An even simpler solution

(define (square x) (* x x)) (define (sum-of-squares x y) (+ (square x) (square y))) (define (sum-of-squares-of-two-largest x y z) (sum-of-squares (max x y) (max (min x y) z)))

Another possibility

```
(define (square-two-largest a b c)
(- (+ (* a a) (* b b) (* c c)) (* (min a b c) (min a b c))))
```

CS 61A notes https://people.eecs.berkeley.edu/~bh/61a-pages/Solutions/week1 give one interesting recursive call implementation

```
(define (sum-square-large papa mama baby)
(define (square x) (* x x))
(cond ((> mama papa) (sum-square-large mama papa baby))
((> baby mama) (sum-square-large papa baby mama))
(else (+ (square papa) (square mama)))))
```

Here it just ensure the sequence is strictly decreasing, otherwise swapping 2 items found not to meet this decreasing property.
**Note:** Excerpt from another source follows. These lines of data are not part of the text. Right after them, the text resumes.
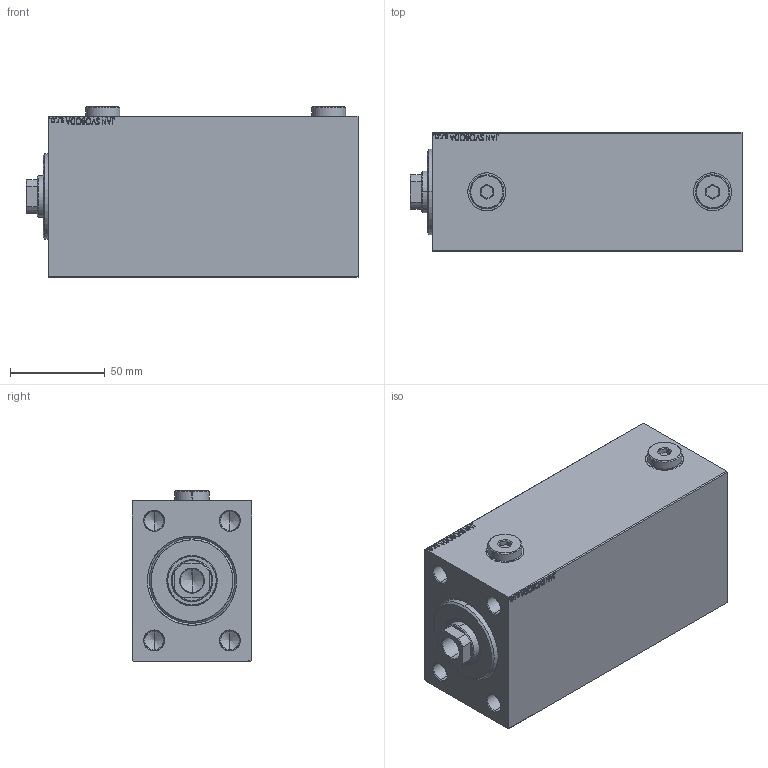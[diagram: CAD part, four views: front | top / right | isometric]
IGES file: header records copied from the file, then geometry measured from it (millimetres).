
Start section: SolidWorks IGES file using analytic representation for surfaces
Global section: file name: febe.IGS; native system: SolidWorks 2019; preprocessor: SolidWorks 2019; author: Model3D; date: 240213.041106; units: millimetre
Bounding box: 175 x 63 x 89.9 mm (x, y, z)
Surface area: 109342.7 mm2 (no closed solid volume)
Topology: 0 solids, 0 shells, 935 faces, 12790 edges, 12772 vertices
Faces by surface type: bspline 815, revolution 120

Then at the most inner call `papa mama` will be the 2 larger numbers.

It also refers to one interesting link https://code.google.com/archive/p/jrm-code-project/wikis/ProgrammingArt.wiki

```
(define (sum-square-largest x y z)
(cond
;; x is smallest
((and (< x y) (< x z)) (+ (* y y) (* z z)))
(else (sum-square-largest y z x))))
```

This works by finding the smallest number by the recursive call.

```
(define (sls x y z)
(cond ((> z x) (sls z y x))
((> z y) (sls x z y))
(else (+ (* x x) (* y y)))))
```

This works similarly but uses swapping instead of shifting.

----------

key quote excerpt about "art" related with the above codes from the above 2nd link:

> I don't think that the short version is more artistic than the long

> The code above is art in that I wrote it for no purpose other than to *communicate some humor*. It is not intended to be an example of good programming any more than an Escher print is intended to be an example of an architectural plan. I wouldn't consider it fine art either.